American air and ground forces could continue to operate from those bases when needed but then eventually leave, he said. He said that he had recently met with Gen. Pervez Musharraf, Pakistan’s president, and had been told that Pakistan and other Muslim nations would be prepared to help Iraq if the country was secure.
On the other hand, the failure of the troop buildup plan and an escalation of violence, Mr. McCain said, would present the United States with a range of flawed fallback options.
One plan proposed by some Democratic lawmakers is to withdraw American troops to Kuwait, from where they might carry out strikes against terrorists in Iraq belonging to Al Qaeda in Mesopotamia. Mr. McCain said that this approach reflected a naïve understanding of the difficulties in obtaining intelligence and conducting operations in Iraq. “The fact of modern warfare is that you can’t parachute into places,” he said. “You can’t go in without a solid base of support if you’re going to be engaged in heavy fighting.”
Another plan, advocated by Mrs.

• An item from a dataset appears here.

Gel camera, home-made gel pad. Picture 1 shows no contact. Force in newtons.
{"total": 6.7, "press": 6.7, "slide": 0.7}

Clinton, would maintain a reduced force at bases in Iraq to stabilize Kurdistan, deter neighboring nations from intervening and to fight terrorist groups there. “That assumes somehow that the place has not descended into chaos,” said Mr. McCain, who warned that reducing the force without first stabilizing Iraq would put the American forces in the position of being “rocketed in their bases.”
Putting additional emphasis on training the Iraqi Army, Mr. McCain also said, would not be effective unless security in Iraq was improved. “I’d be very reluctant to send young men into a country where there is chaos and tell them they’re going to be trainers.”

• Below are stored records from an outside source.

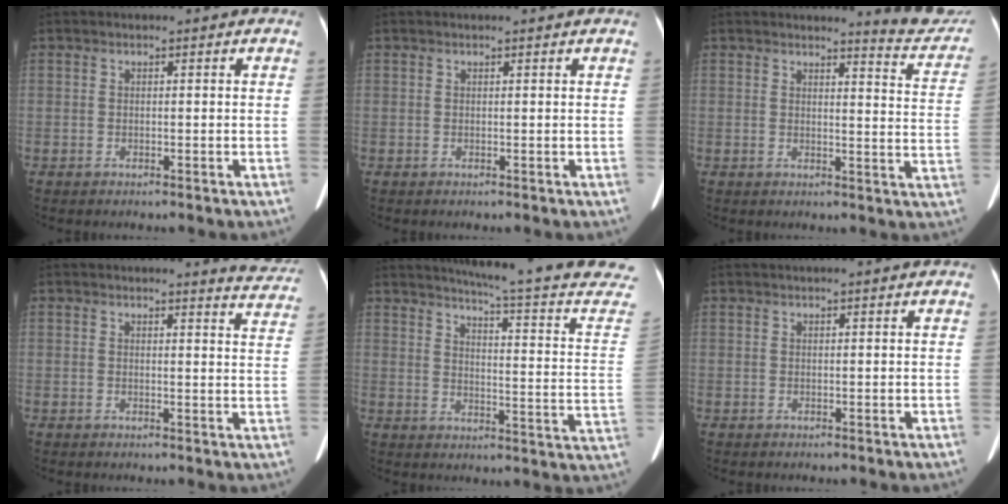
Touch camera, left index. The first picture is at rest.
{"total": 1.0, "force": [0.9, 0.0, 0.4], "torque": [-0.011, 0.009, 0.013]}
{"total": 8.7, "force": [8.6, 0.2, 1.3], "torque": [-0.003, -0.062, 0.078]}
{"total": 6.3, "force": [6.2, 0.3, 1.0], "torque": [-0.002, -0.036, 0.042]}
{"total": 22.3, "force": [20.0, -0.7, 9.9], "torque": [-0.139, -0.087, 0.235]}
{"total": 2.5, "force": [2.1, -0.4, 1.3], "torque": [-0.016, 0.025, 0.036]}

Partitioning Iraq into Sunni, Shiite and Kurdish enclaves, as some experts have proposed, was “totally unrealistic,” Mr. McCain argued, because the Iraqis are opposed to measures that would lead to the further dislocation of the population and even divide families.
He also suggested that setting deadlines for withdrawing troops — as many lawmakers were seeking to legislate — would backfire, hamstringing commanders and giving opponents a way to wait out the Americans.
Mr. McCain acknowledged that his message — that a long, hard and uncertain road still lies ahead in Iraq — was not a popular one, and could mark the end of his political ambitions. However, it could be as politically treacherous for Mr. McCain to back away from his support of the war as it is for him to stay with it.
During a recent speech at the Virginia Military Institute, Mr. McCain noted that he had recently met Petty Officer First Class Mark Robbins, a member of the Navy Seals who was shot in the eye in an ambush outside Baghdad, in a military hospital in Germany and that he planned personally to award him the Purple Heart.
“Oh, God, I’ve seen a lot of things in my life,” Mr. McCain recalled in the interview. “I’ve seen a lot of things. That kid sitting up there. His head. Blood all over the back of him.”
“Grabs my hand and says, ‘I’m honored you’re here. Thanks for your support. We can win this fight.’ You know, I’m supposed to worry about my political future?”